The fracture function takes as inputs only rock, reservoir, well and fluid properties, and not an injection profile. In an alternative embodiment, where the measured data are provided with uncertainties, the fracture function can be viewed as a parametrical function on these measured data.

This invention is a pragmatic workflow to dynamically integrate the geomechanical features with thermal fluid flow effects in a reservoir simulation in order to gain understanding of the fracture phenomenon with minimal increases in either computation time and complexity. Such a new workflow must be based on fluid physics, geomechanics and good practical sense of modelling. Indeed, time evolution of TIF is a very important issue that could be tackled by such an approach, since the geomechanical system would be approximately solved in each and every timestep, covering the evolution of the reservoir over the time scope of the project.

The simulation according to the present invention establishes a viable approach (i.e. realistic in workflow and simulation times) to capture the onset and effects of the thermally induced fractures on fluid flow in the reservoir.

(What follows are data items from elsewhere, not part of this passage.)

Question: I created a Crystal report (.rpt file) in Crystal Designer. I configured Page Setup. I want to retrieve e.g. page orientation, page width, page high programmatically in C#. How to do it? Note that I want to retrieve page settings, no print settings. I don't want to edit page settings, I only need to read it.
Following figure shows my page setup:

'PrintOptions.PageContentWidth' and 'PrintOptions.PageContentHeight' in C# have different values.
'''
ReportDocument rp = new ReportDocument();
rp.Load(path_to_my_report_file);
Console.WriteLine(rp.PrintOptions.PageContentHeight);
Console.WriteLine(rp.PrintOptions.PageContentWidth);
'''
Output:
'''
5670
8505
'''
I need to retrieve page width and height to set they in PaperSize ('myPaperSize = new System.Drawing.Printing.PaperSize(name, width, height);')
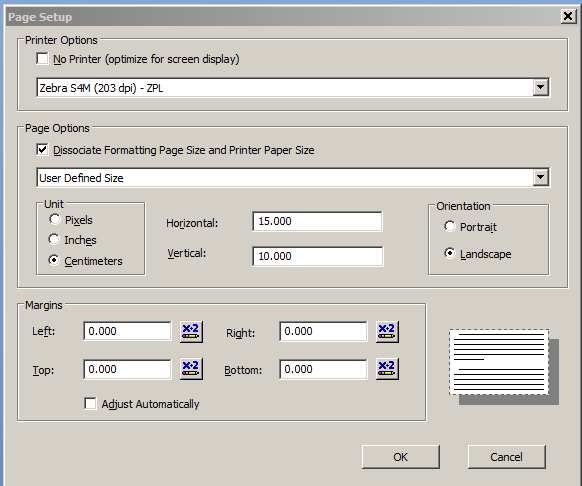
Answer: 'ReportDocument.PrintOptions' should give you the numbers that you need. For example, for the page width, using members of 'PrintOptions':
'''
PageContentWidth + PageMargins.leftMargin + PageMargins.rightMargin
'''
, these values are in <URL>
---
On the other hand, 'System.Drawing.Printing.PaperSize' uses numbers in hundredths of an inch, so you would have to convert:
'''
[Dimension in hundredths of an inch] = [Dimension in TWIPS] / 1440.0 * 100
'''

As it will be apparent for the person skilled in the art, the input and the computation data at each time step are all either constants of the reservoir or in situ time step calculated data by the flow simulation. Therefore, the preprocessing of the TIF modelling input data is not iterative, but rather a one step process. Once the geomechanics calculation methods are provided, the simulations are autonomous and do not need to cycle back to geomechanics except for reservoir eventual model updates.

This allows taking into account the apparition of said fractures for the operation of the well.

While the fracture function could be called by a single flagged cell or any other process in the reservoir simulator, the result of the call is fully independent of the caller and depends on the data provided, by the caller, as input of the calculation. Indeed, a set of data values has to be provided each time the fracture function is called. These values will be taken from the reservoir simulator at the current time step.